| Required work |
Report how many lines of the following entries include the string "nonzero"; respond with the number alone.
------ Data for this task ------
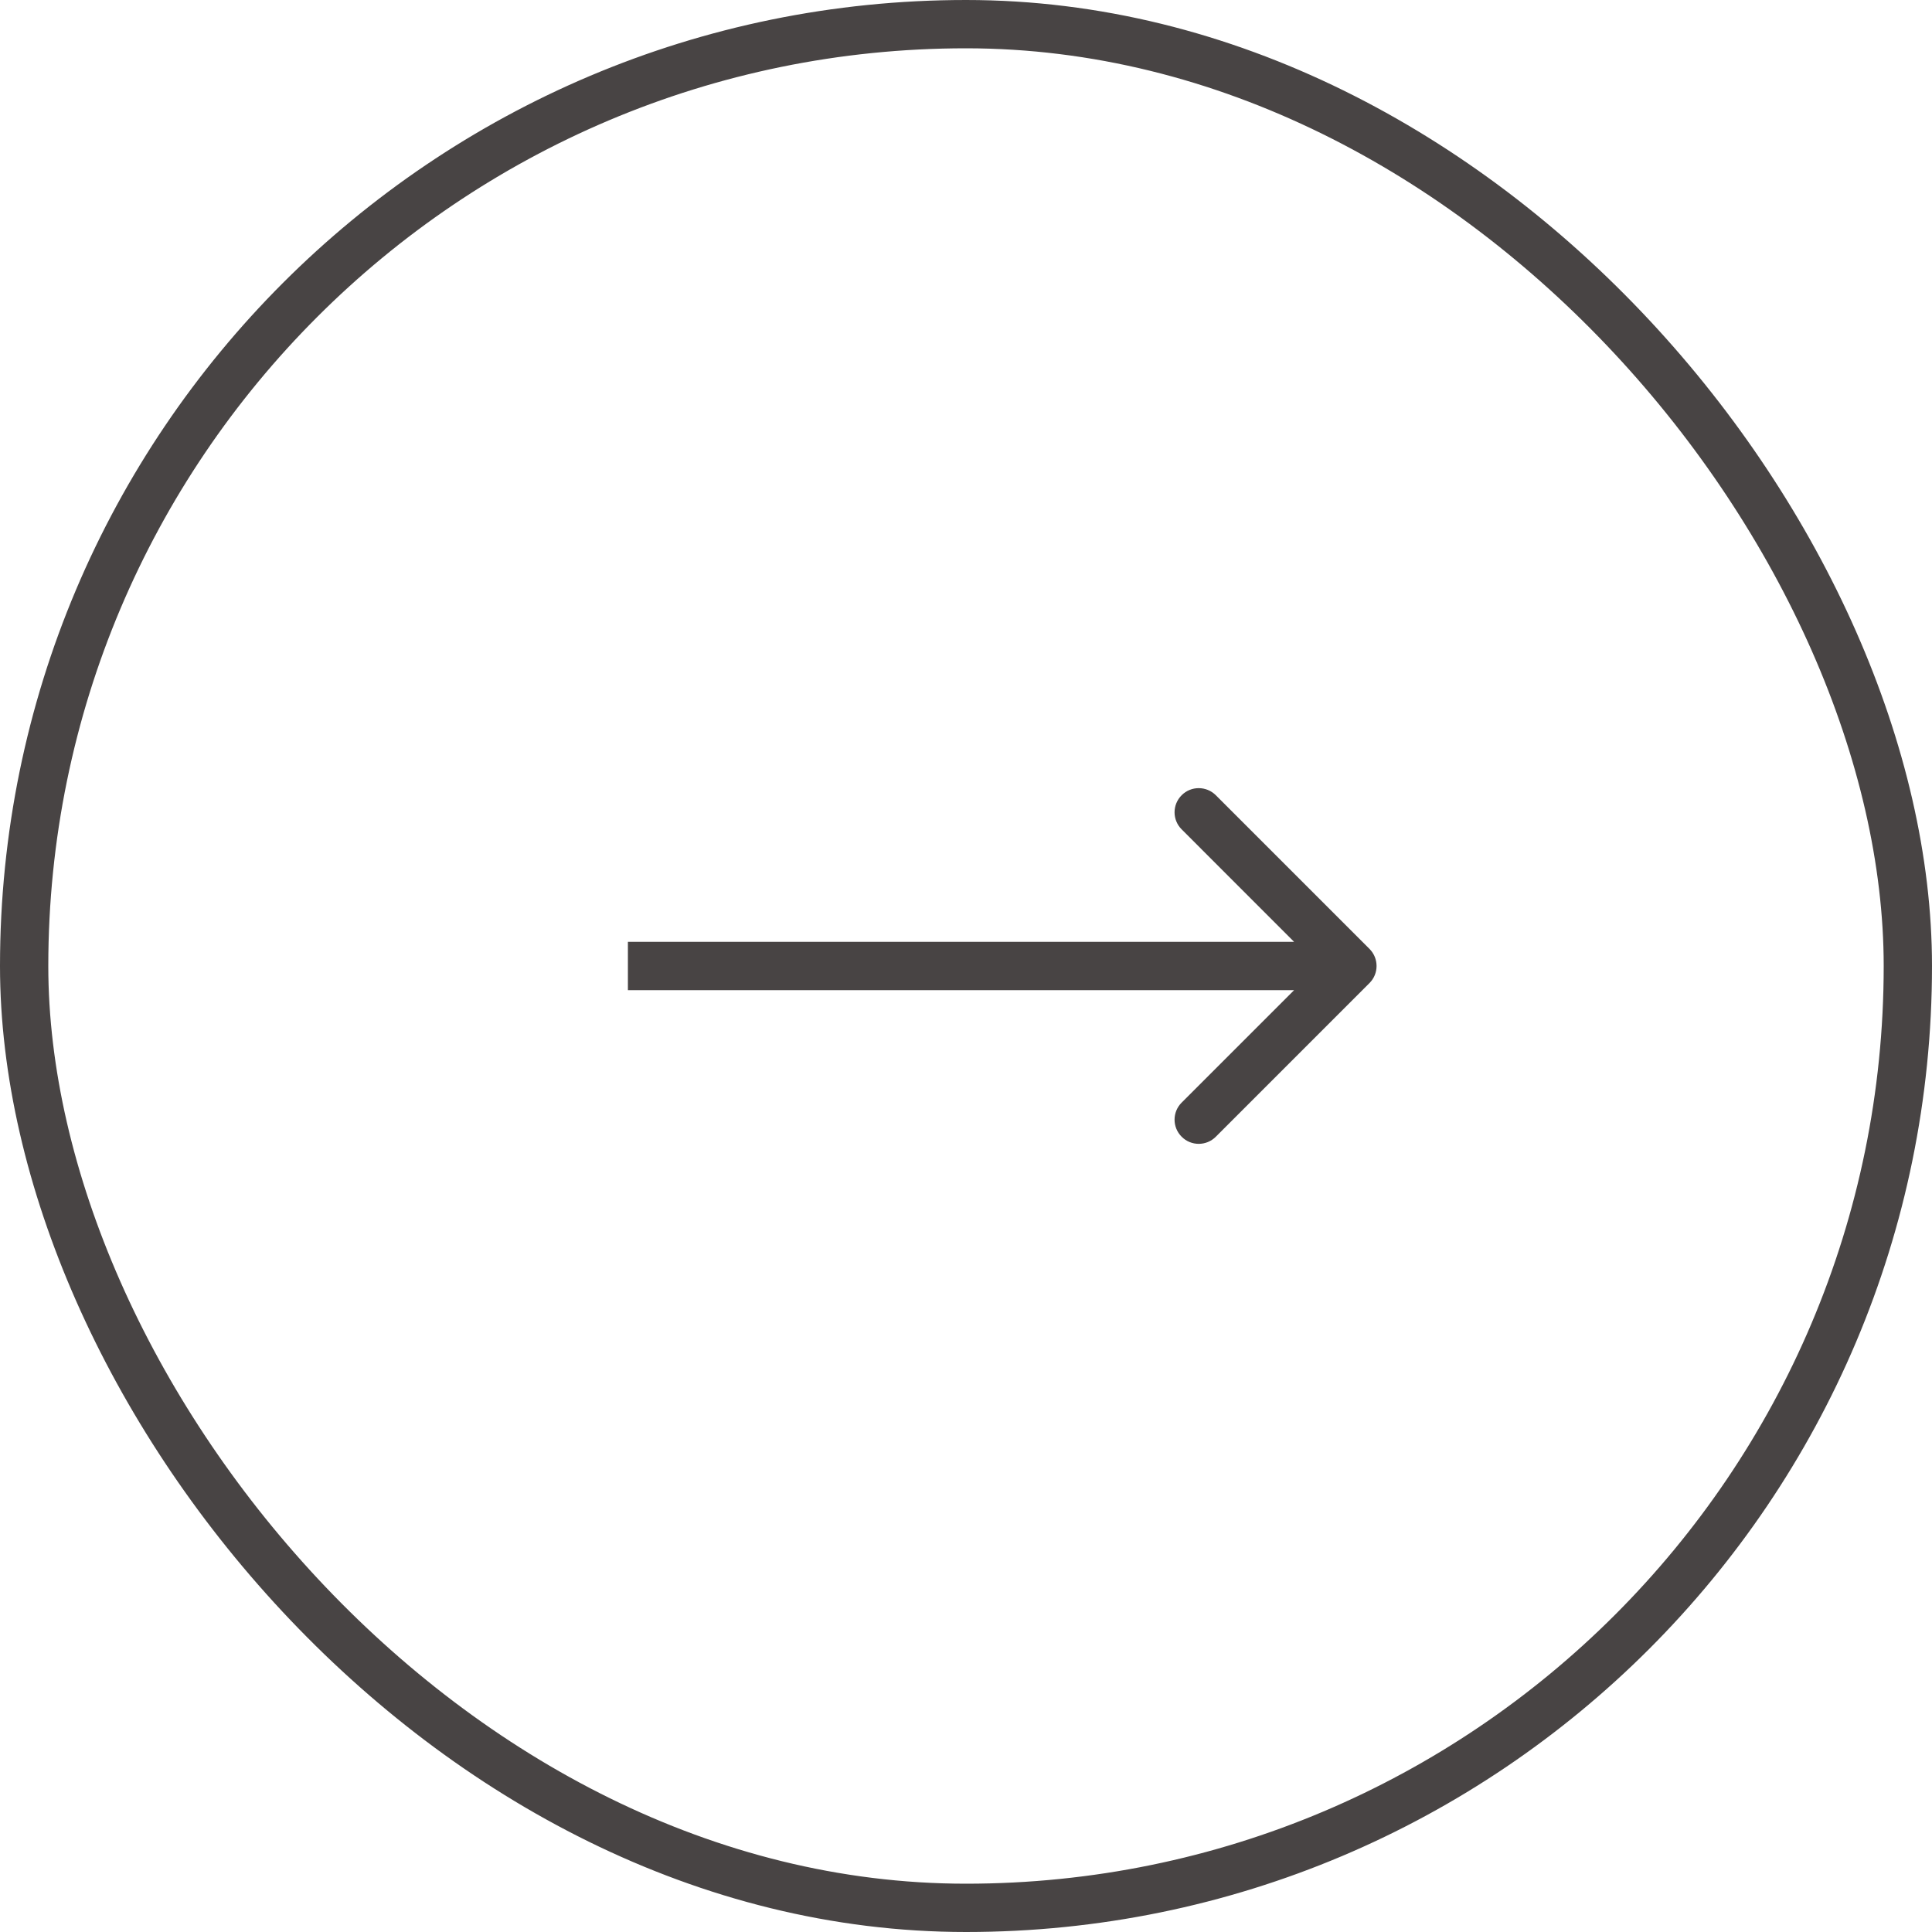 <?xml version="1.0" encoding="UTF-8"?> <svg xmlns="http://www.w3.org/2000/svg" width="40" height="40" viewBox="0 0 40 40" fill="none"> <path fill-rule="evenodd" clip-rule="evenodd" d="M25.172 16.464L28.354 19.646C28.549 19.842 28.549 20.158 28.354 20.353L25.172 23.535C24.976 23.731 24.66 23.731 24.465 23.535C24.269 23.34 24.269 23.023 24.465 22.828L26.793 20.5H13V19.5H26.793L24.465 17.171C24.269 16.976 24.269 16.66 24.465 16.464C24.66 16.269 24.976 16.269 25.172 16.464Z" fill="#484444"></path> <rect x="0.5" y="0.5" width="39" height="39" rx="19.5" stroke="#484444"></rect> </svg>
------
------ Data for this task ------
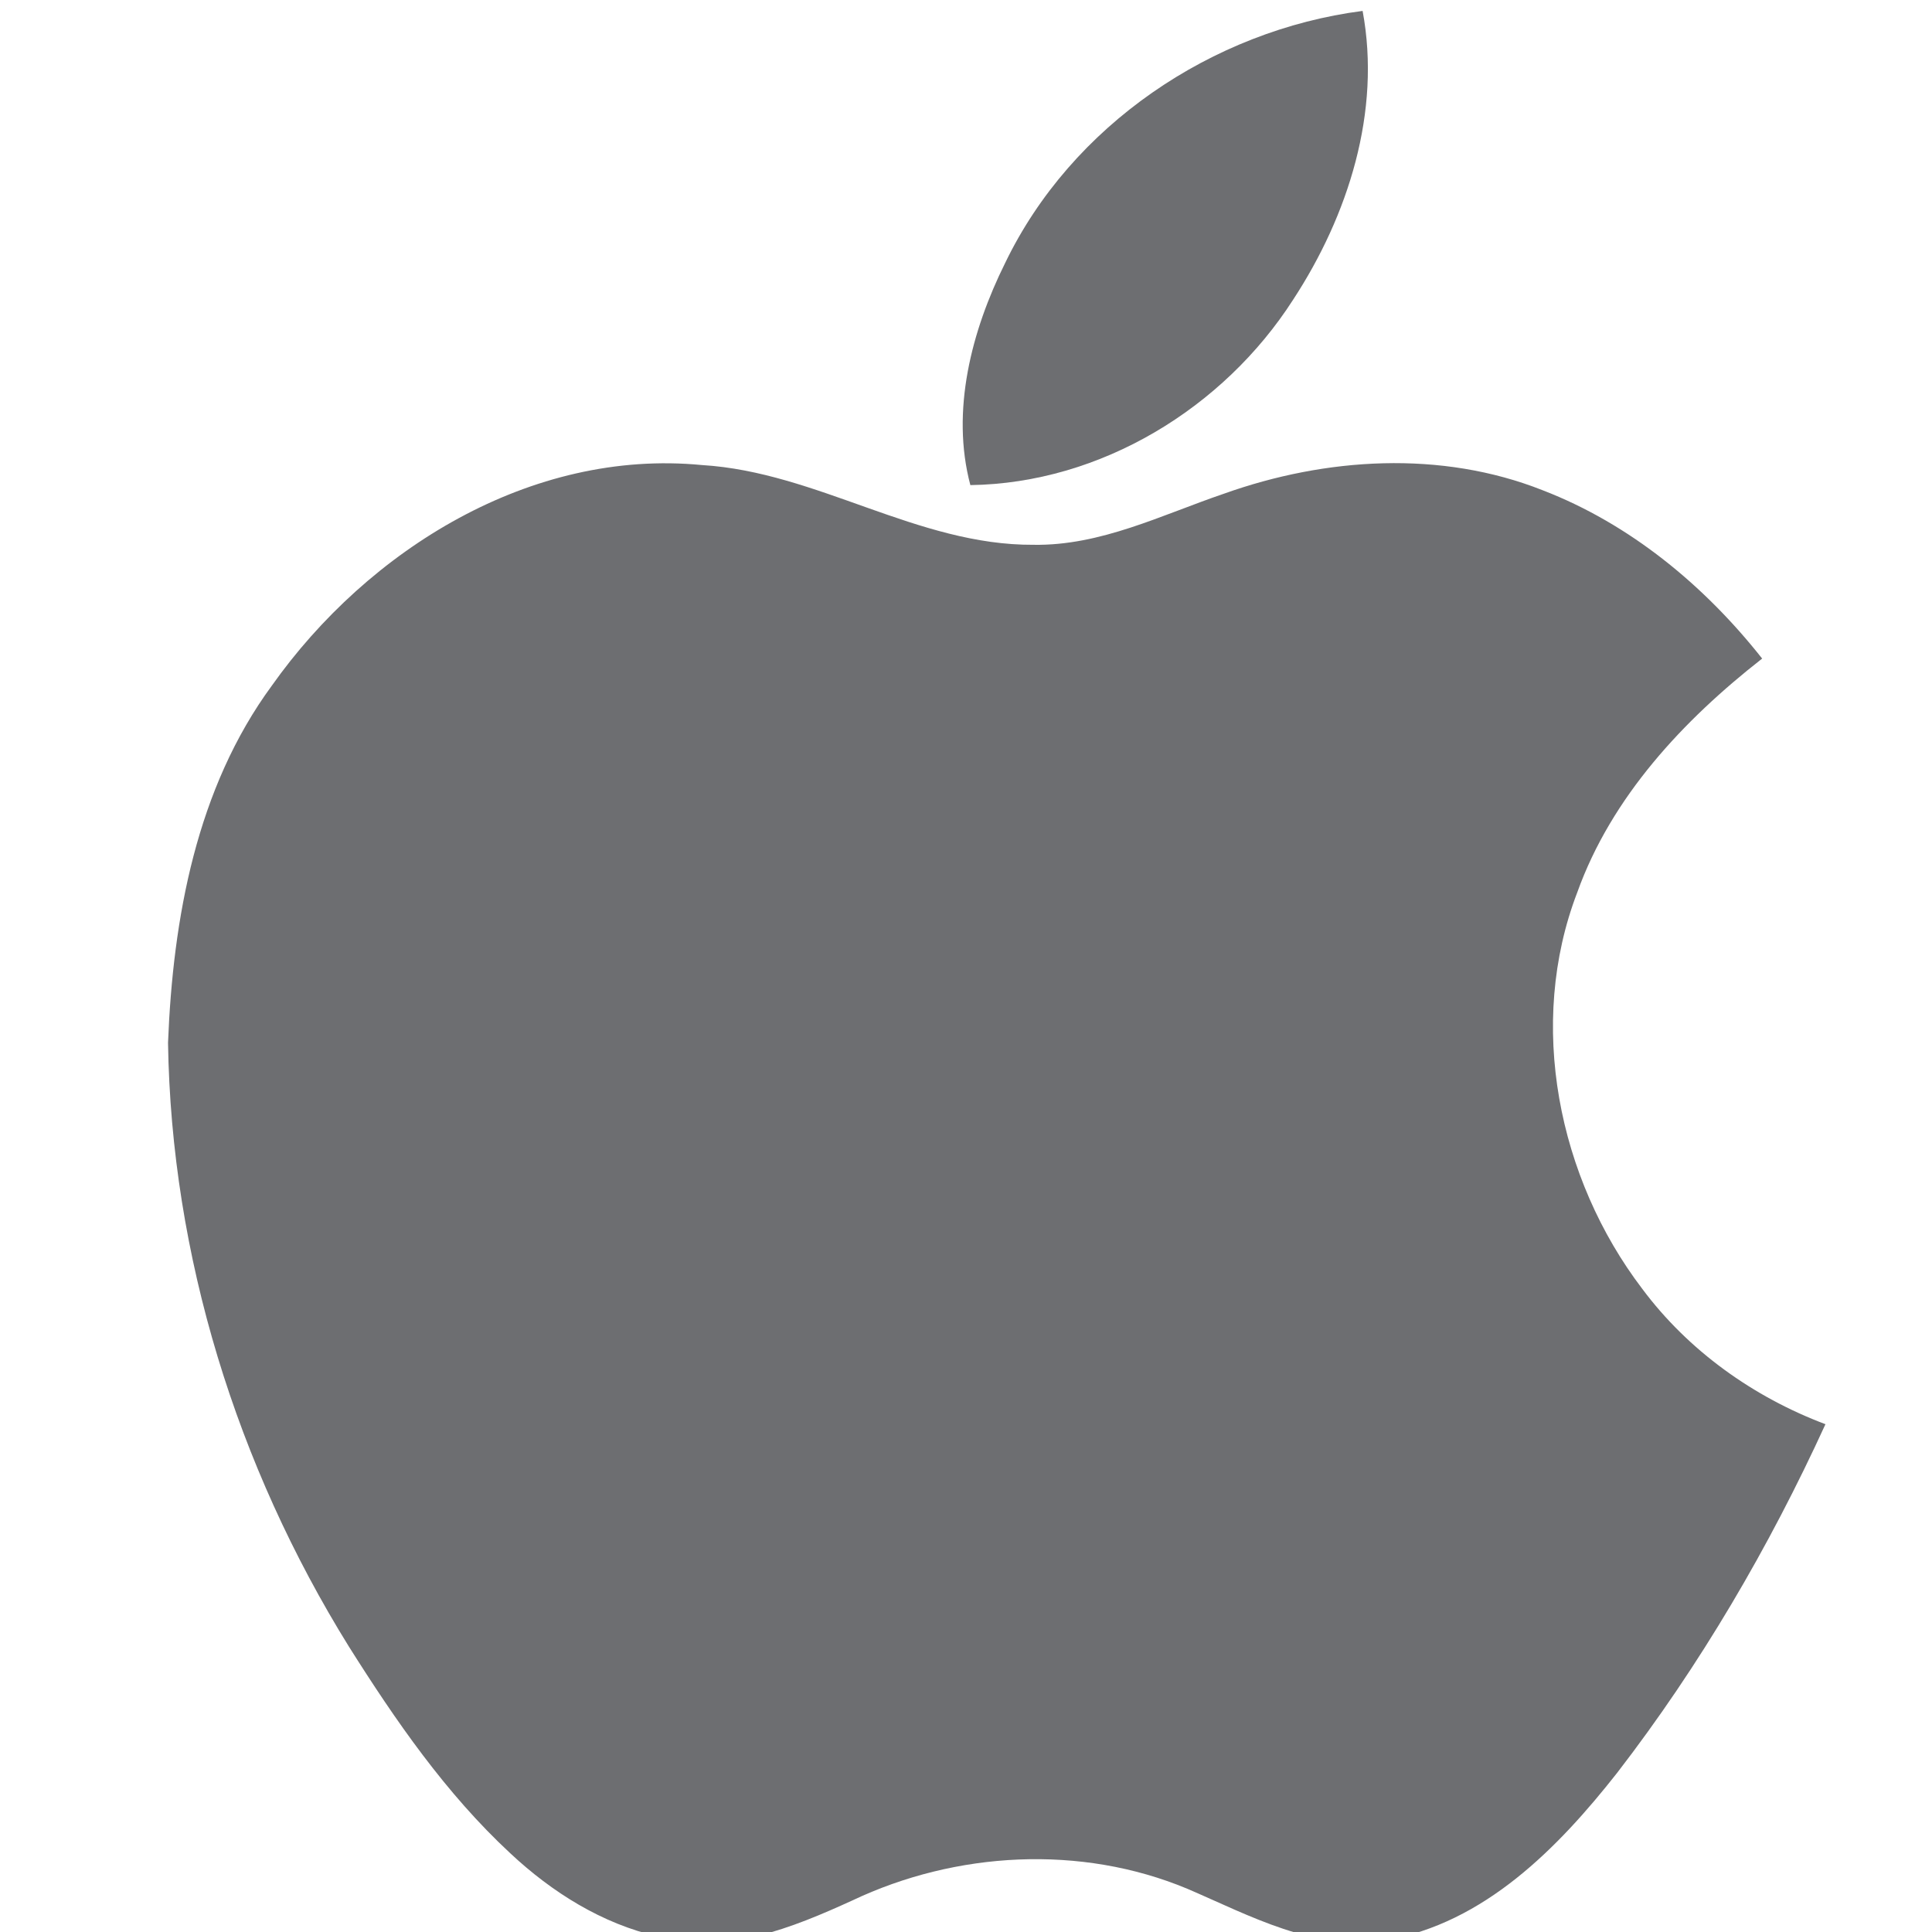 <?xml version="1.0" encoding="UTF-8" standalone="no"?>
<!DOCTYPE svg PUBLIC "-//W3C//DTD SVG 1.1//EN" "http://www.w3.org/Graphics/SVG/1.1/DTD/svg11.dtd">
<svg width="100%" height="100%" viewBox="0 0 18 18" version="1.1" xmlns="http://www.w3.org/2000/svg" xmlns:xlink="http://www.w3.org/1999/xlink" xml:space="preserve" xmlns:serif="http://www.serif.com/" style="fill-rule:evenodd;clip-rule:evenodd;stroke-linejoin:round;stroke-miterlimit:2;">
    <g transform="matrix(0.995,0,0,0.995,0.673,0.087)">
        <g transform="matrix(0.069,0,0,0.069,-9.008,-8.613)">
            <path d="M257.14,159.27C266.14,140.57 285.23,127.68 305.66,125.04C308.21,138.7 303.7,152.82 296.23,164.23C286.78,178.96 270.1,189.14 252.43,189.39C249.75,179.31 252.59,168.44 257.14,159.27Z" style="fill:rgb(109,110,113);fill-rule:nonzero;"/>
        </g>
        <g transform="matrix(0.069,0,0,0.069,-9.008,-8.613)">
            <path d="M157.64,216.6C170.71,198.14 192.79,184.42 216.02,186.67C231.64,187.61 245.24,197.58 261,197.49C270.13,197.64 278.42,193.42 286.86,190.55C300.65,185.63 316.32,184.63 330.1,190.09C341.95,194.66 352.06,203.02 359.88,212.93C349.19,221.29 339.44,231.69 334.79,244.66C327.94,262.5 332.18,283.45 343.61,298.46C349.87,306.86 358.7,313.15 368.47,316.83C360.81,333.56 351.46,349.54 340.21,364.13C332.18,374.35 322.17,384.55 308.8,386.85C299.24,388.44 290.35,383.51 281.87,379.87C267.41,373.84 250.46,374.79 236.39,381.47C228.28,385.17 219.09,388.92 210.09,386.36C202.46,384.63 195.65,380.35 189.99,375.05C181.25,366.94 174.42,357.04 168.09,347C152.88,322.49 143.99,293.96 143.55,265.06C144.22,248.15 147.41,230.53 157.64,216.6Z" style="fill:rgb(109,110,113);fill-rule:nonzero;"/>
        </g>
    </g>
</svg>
------
| Solution for this exercise |
2